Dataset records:
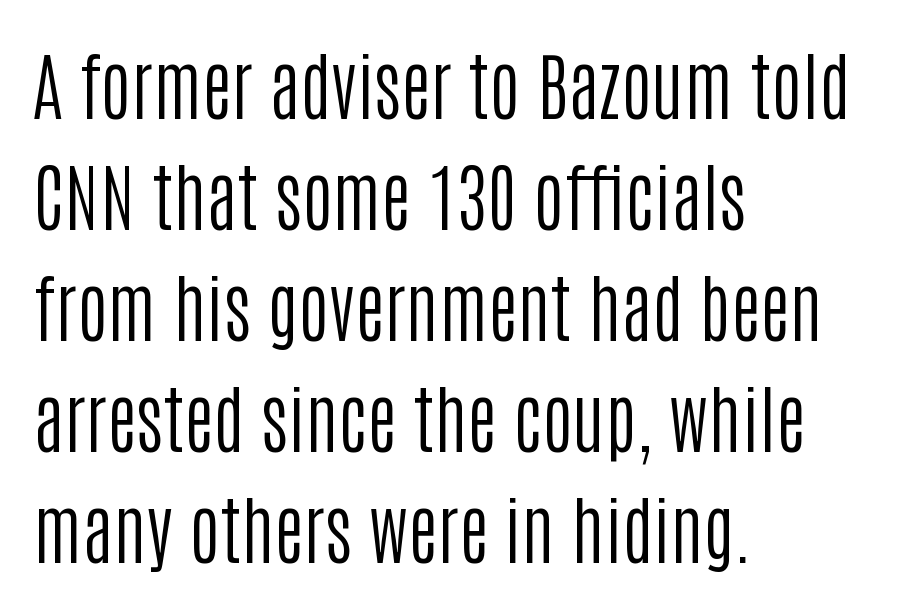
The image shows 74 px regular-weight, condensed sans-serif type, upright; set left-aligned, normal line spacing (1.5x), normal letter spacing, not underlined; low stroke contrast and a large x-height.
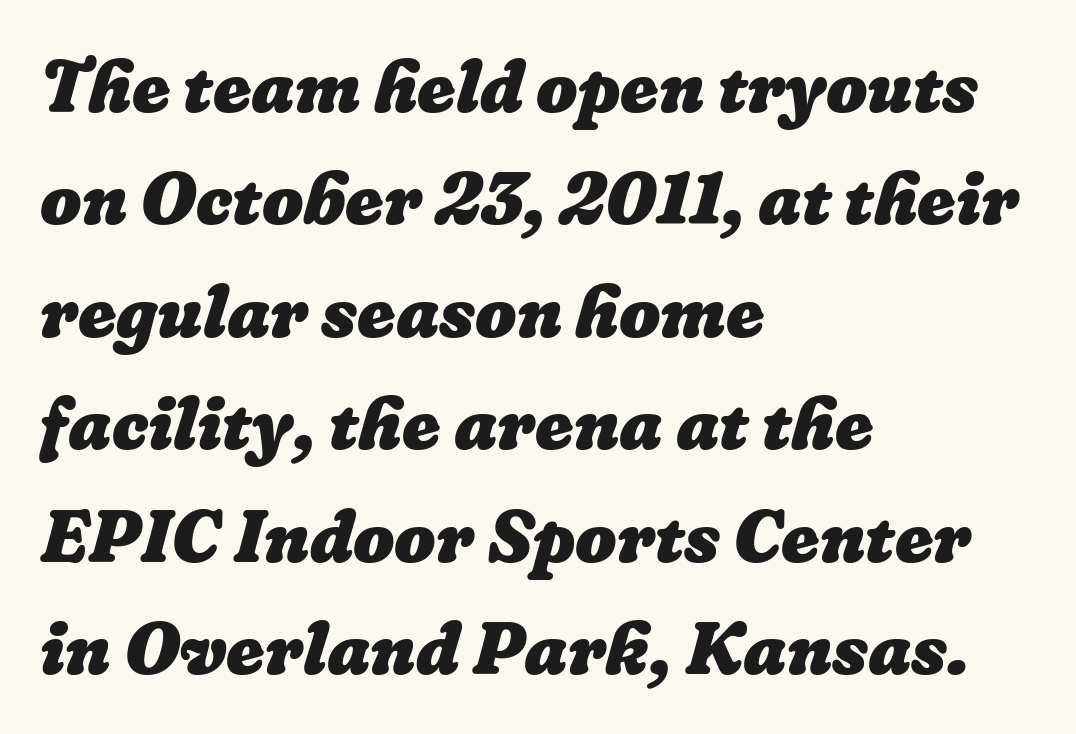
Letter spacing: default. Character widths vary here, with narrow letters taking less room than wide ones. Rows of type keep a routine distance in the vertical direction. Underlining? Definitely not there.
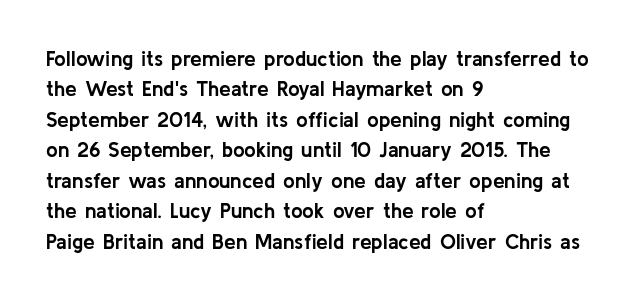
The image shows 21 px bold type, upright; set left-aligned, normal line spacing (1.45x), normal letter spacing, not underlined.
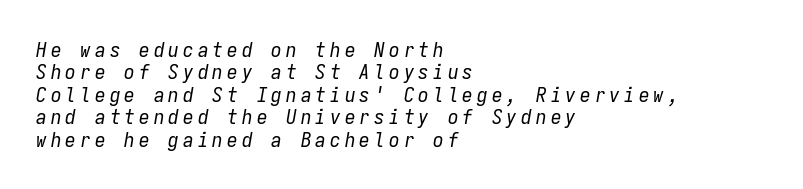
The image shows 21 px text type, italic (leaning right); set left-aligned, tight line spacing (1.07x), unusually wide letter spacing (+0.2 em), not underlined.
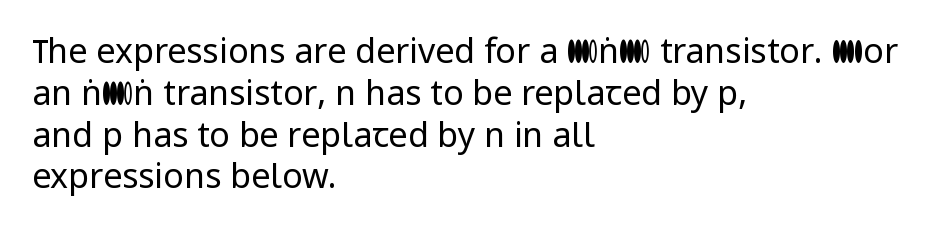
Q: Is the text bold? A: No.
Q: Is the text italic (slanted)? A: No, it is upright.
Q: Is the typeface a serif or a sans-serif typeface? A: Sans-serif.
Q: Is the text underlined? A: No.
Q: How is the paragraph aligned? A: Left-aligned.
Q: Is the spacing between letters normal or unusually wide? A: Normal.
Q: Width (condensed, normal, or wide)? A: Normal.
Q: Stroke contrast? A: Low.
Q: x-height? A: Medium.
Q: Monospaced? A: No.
* * *
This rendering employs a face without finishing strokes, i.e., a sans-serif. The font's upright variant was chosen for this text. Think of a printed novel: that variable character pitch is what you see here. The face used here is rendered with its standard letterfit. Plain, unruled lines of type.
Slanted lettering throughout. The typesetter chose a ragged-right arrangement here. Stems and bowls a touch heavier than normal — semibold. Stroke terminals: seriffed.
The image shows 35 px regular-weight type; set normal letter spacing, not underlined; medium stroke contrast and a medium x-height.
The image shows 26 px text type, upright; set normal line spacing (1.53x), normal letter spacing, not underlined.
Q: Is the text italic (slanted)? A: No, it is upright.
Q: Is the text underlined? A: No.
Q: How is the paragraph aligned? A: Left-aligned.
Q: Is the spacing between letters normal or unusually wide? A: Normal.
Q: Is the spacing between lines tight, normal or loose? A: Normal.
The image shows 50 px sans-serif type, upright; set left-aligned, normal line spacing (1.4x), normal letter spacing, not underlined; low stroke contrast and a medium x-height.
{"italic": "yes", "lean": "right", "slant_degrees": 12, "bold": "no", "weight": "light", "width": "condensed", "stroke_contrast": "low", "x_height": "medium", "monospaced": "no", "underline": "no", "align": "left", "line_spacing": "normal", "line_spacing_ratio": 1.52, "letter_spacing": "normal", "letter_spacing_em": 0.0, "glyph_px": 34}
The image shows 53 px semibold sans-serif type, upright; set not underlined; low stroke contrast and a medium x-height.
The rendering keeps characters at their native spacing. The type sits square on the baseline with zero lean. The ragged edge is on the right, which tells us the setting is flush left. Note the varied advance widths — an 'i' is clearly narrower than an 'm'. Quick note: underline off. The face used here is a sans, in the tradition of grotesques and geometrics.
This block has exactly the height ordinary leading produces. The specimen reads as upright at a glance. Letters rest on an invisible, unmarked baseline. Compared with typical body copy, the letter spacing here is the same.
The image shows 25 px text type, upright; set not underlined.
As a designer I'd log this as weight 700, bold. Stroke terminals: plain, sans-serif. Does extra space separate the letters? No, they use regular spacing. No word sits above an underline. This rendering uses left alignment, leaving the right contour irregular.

What this task involves:
For each line in the data that contains the string "underlined", give a copy of that line.

Result below:
The image shows 74 px regular-weight, condensed sans-serif type, upright; set left-aligned, normal line spacing (1.5x), normal letter spacing, not underlined; low stroke contrast and a large x-height.
The image shows 21 px bold type, upright; set left-aligned, normal line spacing (1.45x), normal letter spacing, not underlined.
The image shows 21 px text type, italic (leaning right); set left-aligned, tight line spacing (1.07x), unusually wide letter spacing (+0.2 em), not underlined.
Q: Is the text underlined? A: No.
The image shows 35 px regular-weight type; set normal letter spacing, not underlined; medium stroke contrast and a medium x-height.
The image shows 26 px text type, upright; set normal line spacing (1.53x), normal letter spacing, not underlined.
Q: Is the text underlined? A: No.
The image shows 50 px sans-serif type, upright; set left-aligned, normal line spacing (1.4x), normal letter spacing, not underlined; low stroke contrast and a medium x-height.
The image shows 53 px semibold sans-serif type, upright; set not underlined; low stroke contrast and a medium x-height.
The image shows 25 px text type, upright; set not underlined.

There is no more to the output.